I knew the rhetoric by heart now.

The natural order has been disrupted. Twin rule violates the ancient covenant. Magic itself rebels against the abomination. The realm will suffer until balance is restored. One twin must die. This is not murder. This is mercy.

It was brilliant, in the worst possible way. Simple enough for any wolf to understand, rooted deeply enough in tradition to feel legitimate, and supported by evidence that was genuinely difficult to refute.

“They’re using Her Majesty’s incidents,” Thane said.

“Every window she shatters, every candle that melts, every servant who witnesses an uncontrolled surge—it confirms their narrative.”

There was a heavy pause before he pushed forward. “The Order doesn’t need to fabricate evidence when the Silver Queen’s own magic provides it on a regular basis. The Queen’s power is already a symptom of a deeper corruption that can only be cured by fulfilling the prophecy.”

The room was quiet.

“Then we need to infiltrate harder,” I said. “Place agents inside. Turn existing members. Follow the money—an organization this size requires resources, and resources leave trails.”

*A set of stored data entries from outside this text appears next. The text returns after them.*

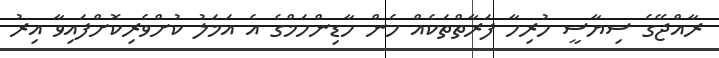
ރާއްޖޭގެ ސިޔާސީ ހުރިހާ ފަރާތްތަކެއް ހެން ހާޑިންހަމްގެ އެ އަމަލު ކުށްވެރިކޮށްފައިވާ އިރު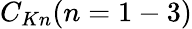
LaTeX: C_{Kn}(n=1-3)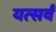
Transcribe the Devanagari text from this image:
यत्सर्वं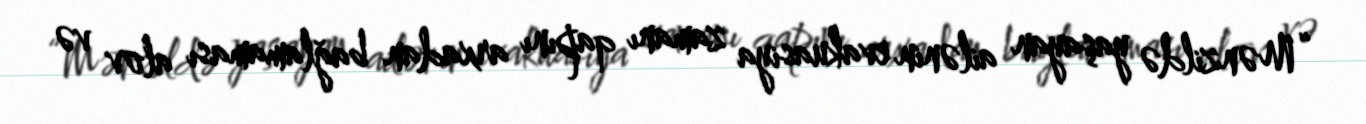
“Mənzildə yaşayan ailənin evakuasiya zamanı qapını arxadan bağlamaması alov və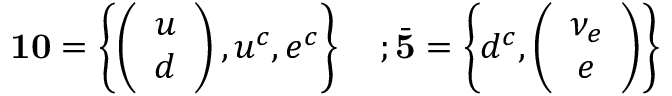
{ \bf 1 0 } = \left\{ \left( \begin{array} { c } { { u } } \\ { { d } } \end{array} \right) , u ^ { c } , e ^ { c } \right\} \quad ; \bar { \bf 5 } = \left\{ d ^ { c } , \left( \begin{array} { c } { { \nu _ { e } } } \\ { { e } } \end{array} \right) \right\}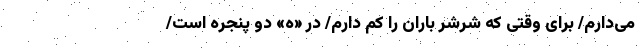
می‌دارم/ برای وقتی که شرشر باران را کم دارم/ در «ه» دو پنجره است/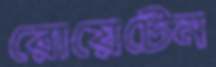
রোয়েটেন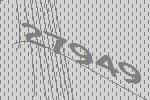
27949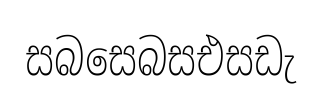
සබසෙබසඑසඩැ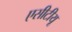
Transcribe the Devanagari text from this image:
एसीटीयू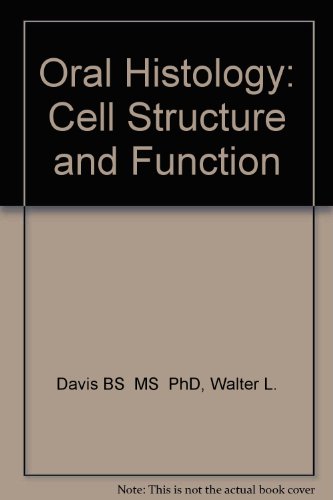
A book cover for Oral Histology: Cell Structure and Function; Walter L. Davis; Medical Books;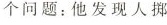
个问题：他发现人掷
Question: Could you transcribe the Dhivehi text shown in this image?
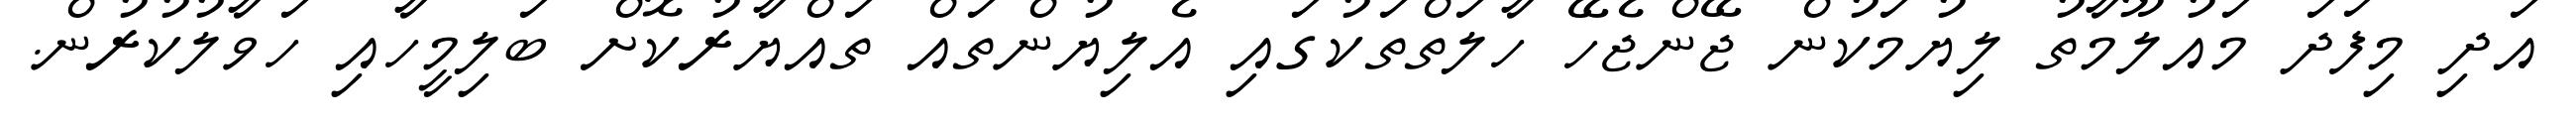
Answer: އަދި މިފަދަ މައުލޫމާތު ލިޔުމަކުން ޖޭންޖެހޭ ހާލަތްތަކުގައި އެލިޔުންތައް ތައްޔާރުކޮށް ބަލިމީހާއި ހަވާލުކުރުން.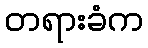
တရားခံက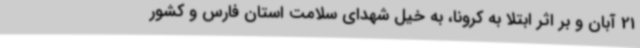
21 آبان و بر اثر ابتلا به کرونا، به خیل شهدای سلامت استان فارس و کشور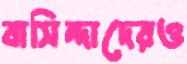
বাসিন্দাদেরও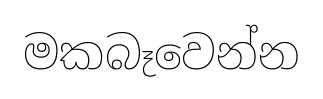
මකබෑවෙන්න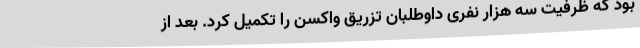
بود که ظرفیت سه هزار نفری داوطلبان تزریق واکسن را تکمیل کرد. بعد از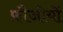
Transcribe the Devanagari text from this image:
फ़ौजीयों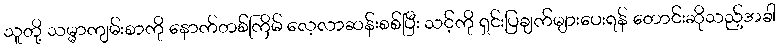
သူတို့ သမ္မာကျမ်းစာကို နောက်တစ်ကြိမ် လေ့လာဆန်းစစ်ပြီး သင့်ကို ရှင်းပြချက်များပေးရန် တောင်းဆိုသည့်အခါ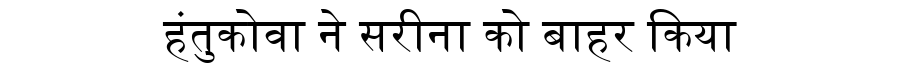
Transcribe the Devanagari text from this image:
हंतुकोवा ने सरीना को बाहर किया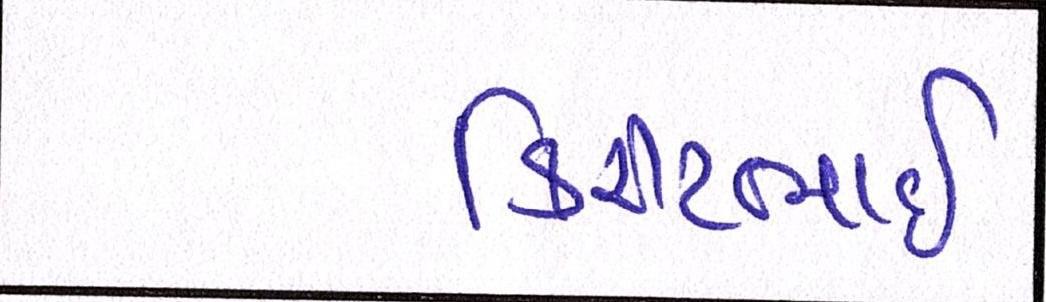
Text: કિરીટભાઈ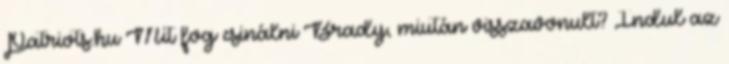
Patriots.hu Mit fog csinálni Brady, miután visszavonult? Indul az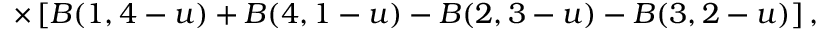
\times \left[ B ( 1 , 4 - u ) + B ( 4 , 1 - u ) - B ( 2 , 3 - u ) - B ( 3 , 2 - u ) \right] ,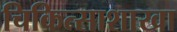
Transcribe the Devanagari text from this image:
चिकित्साशाखा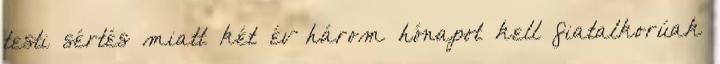
testi sértés miatt két év három hónapot kell fiatalkorúak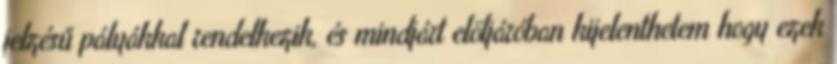
jelzésű pályákkal rendelkezik, és mindjárt elöljáróban kijelenthetem hogy ezek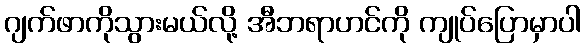
ဂျက်ဖာကိုသွားမယ်လို့ အီဘရာဟင်ကို ကျုပ်ပြောမှာပါ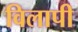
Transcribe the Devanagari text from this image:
विलापी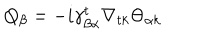
LaTeX: Q _ { \beta } = - i \gamma _ { \beta \alpha } ^ { t } \nabla _ { t k } \Theta _ { \alpha k }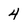
Character: 4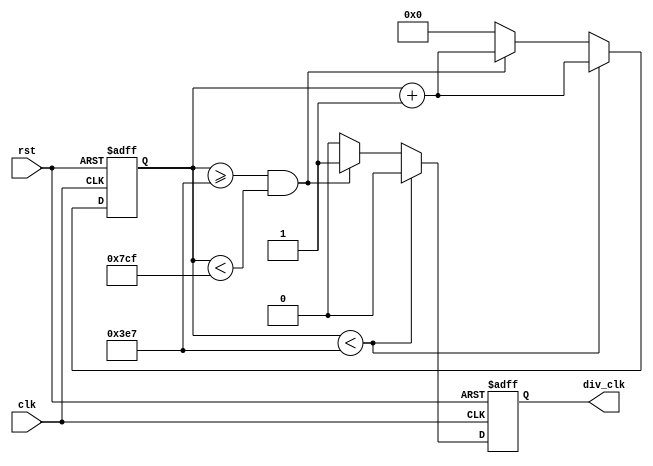
//segment 
module div_clk_for_seg(
    input clk,
    input rst,
    output reg div_clk
);
    reg [11:0] temp_clk;
    
    always @(posedge clk or negedge rst )
    begin
        if(!rst) begin
            temp_clk <=0;
            div_clk <=0; 
        end 
        else begin
            if(temp_clk <999) begin
                temp_clk <=temp_clk +1;
                div_clk <=0; 
            end 
            else if(temp_clk >=999 && temp_clk <1999) begin
                temp_clk <= temp_clk +1;
                div_clk <=1; 
            end
            else begin
                temp_clk <=0;
                div_clk <=0; 
            end
        end
    end
endmodule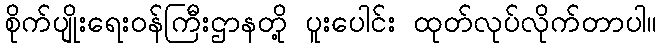
စိုက်ပျိုးရေးဝန်ကြီးဌာနတို့ ပူးပေါင်း ထုတ်လုပ်လိုက်တာပါ။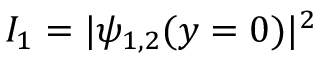
I _ { 1 } = | \psi _ { 1 , 2 } ( y = 0 ) | ^ { 2 }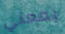
بمعني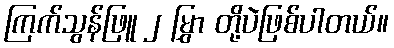
ကြက်သွန်ဖြူ ၂ မြွှာ တို့ပဲဖြစ်ပါတယ်။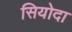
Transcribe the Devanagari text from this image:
सियोदा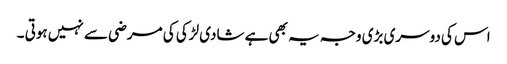
اس کی دوسری بڑی وجہ یہ بھی ہے شادی لڑکی کی مرضی سے نہیں ہوتی ۔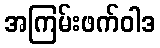
အကြမ်းဖက်ဝါဒ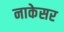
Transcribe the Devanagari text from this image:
नाकेसर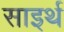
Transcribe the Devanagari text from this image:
साइर्थ
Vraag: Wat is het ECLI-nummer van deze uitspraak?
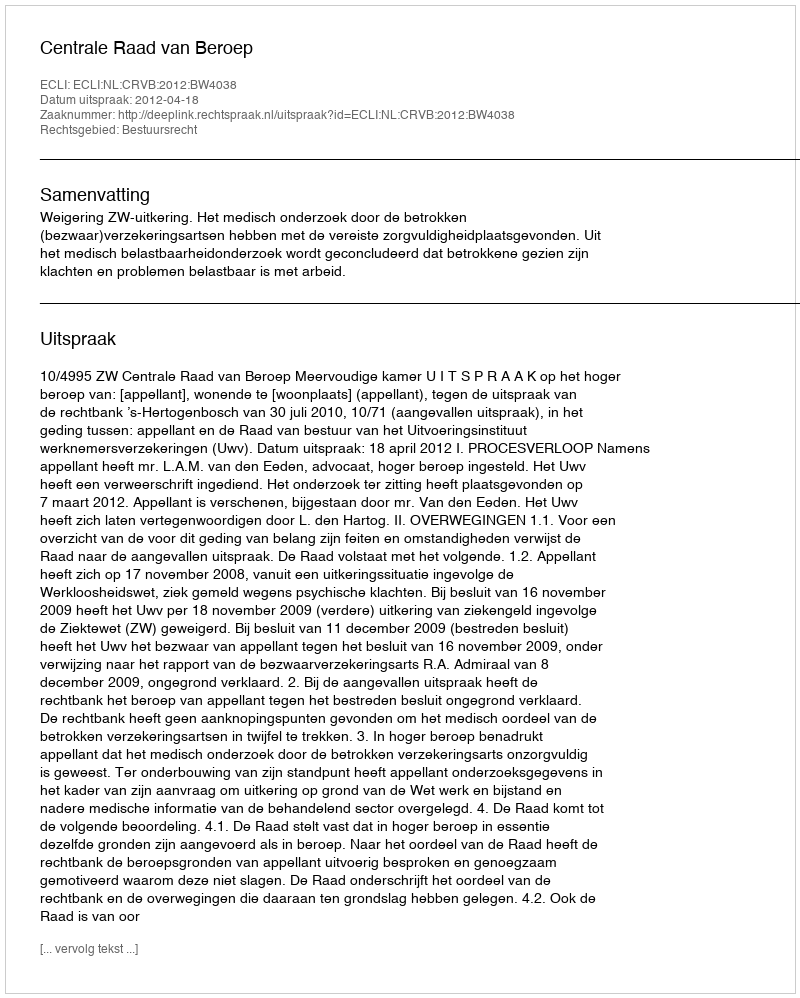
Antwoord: ECLI:NL:CRVB:2012:BW4038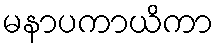
မနာပကာယိကာ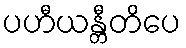
ပဟီယန္တီတိပေ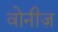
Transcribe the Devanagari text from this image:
वोनीज़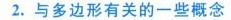
2.与多边形有关的一些概念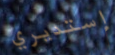
إستديري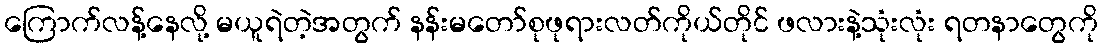
ကြောက်လန့်နေလို့ မယူရဲတဲ့အတွက် နန်းမတော်စုဖုရားလတ်ကိုယ်တိုင် ဖလားနဲ့သုံးလုံး ရတနာတွေကို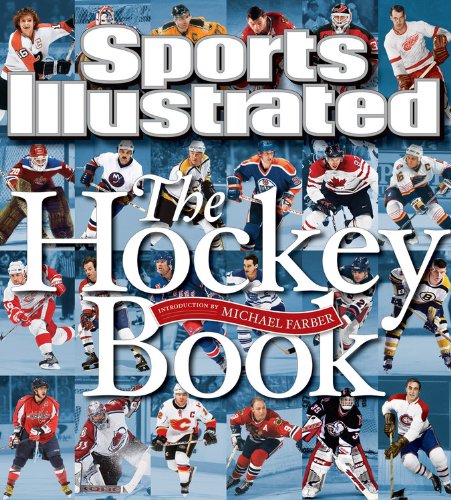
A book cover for Sports Illustrated The Hockey Book; Editors of Sports Illustrated; Sports & Outdoors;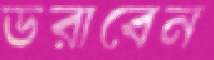
ডরাবেন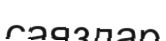
саяздар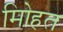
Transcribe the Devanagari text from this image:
मोिहत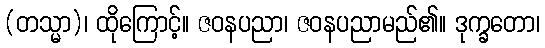
(တသ္မာ)၊ ထိုကြောင့်။ ဇဝနပညာ၊ ဇဝနပညာမည်၏။ ဒုက္ခတော၊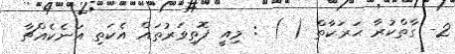
2- ގާތްކުރާ ޙަރަކާތް ( ) : މިއީ ފޮތިވަރުތައް އެކަތި އަނެކެއްޗާ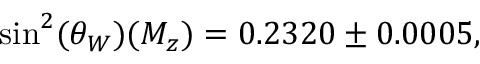
\sin ^ { 2 } ( \theta _ { W } ) ( M _ { z } ) = 0 . 2 3 2 0 \pm 0 . 0 0 0 5 ,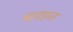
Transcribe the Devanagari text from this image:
बहरहात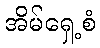
အိမ်ရှေ့စံ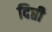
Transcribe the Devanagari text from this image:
दिप्ती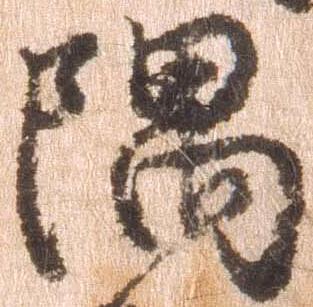
隅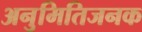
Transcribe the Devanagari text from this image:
अनुमितिजनक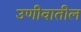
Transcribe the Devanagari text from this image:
उणीवातील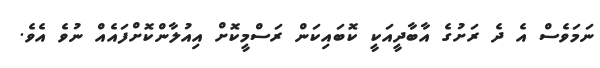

My gaze lingered between them a beat longer. “I don’t care how sophisticated their security is, someone somewhere is making a mistake, and when they do, I want us positioned to exploit it.”

The advisors nodded, and the meeting broke apart into organized urgency. I stayed at the table after they left, staring at the map with its constellation of markers indicating confirmed Order activity.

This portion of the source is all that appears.